+++ Input data
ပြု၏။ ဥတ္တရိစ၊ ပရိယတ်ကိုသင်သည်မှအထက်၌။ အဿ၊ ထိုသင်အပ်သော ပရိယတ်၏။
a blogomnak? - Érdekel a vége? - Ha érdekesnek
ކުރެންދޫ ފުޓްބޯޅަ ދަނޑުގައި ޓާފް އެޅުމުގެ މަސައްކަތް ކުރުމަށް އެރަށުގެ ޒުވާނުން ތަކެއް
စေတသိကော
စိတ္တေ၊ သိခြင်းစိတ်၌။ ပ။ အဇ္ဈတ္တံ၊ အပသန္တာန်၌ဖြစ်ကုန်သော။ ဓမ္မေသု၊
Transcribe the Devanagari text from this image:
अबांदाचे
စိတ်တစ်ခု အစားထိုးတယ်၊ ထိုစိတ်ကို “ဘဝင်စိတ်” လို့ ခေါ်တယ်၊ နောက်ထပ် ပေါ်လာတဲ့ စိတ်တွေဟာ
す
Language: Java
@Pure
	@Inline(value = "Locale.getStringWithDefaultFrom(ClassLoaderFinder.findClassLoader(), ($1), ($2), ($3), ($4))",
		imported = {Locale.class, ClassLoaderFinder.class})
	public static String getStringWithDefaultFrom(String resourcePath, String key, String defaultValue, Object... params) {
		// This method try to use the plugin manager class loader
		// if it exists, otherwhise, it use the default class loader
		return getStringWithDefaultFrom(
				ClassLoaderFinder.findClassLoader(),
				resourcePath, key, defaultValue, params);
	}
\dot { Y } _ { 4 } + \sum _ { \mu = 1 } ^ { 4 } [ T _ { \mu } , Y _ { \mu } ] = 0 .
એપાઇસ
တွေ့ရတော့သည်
++++++
+++ Input data
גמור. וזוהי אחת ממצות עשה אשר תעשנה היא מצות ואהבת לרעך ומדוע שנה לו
++++++
▸ Problem statement: Repeat the entries above verbatim, but only from the line that has "manager class loader" down to the line that has "တွေ့ရတော့သည်", inclusive.

▸ Solution for this problem:
		// This method try to use the plugin manager class loader
		// if it exists, otherwhise, it use the default class loader
		return getStringWithDefaultFrom(
				ClassLoaderFinder.findClassLoader(),
				resourcePath, key, defaultValue, params);
	}
\dot { Y } _ { 4 } + \sum _ { \mu = 1 } ^ { 4 } [ T _ { \mu } , Y _ { \mu } ] = 0 .
એપાઇસ
တွေ့ရတော့သည်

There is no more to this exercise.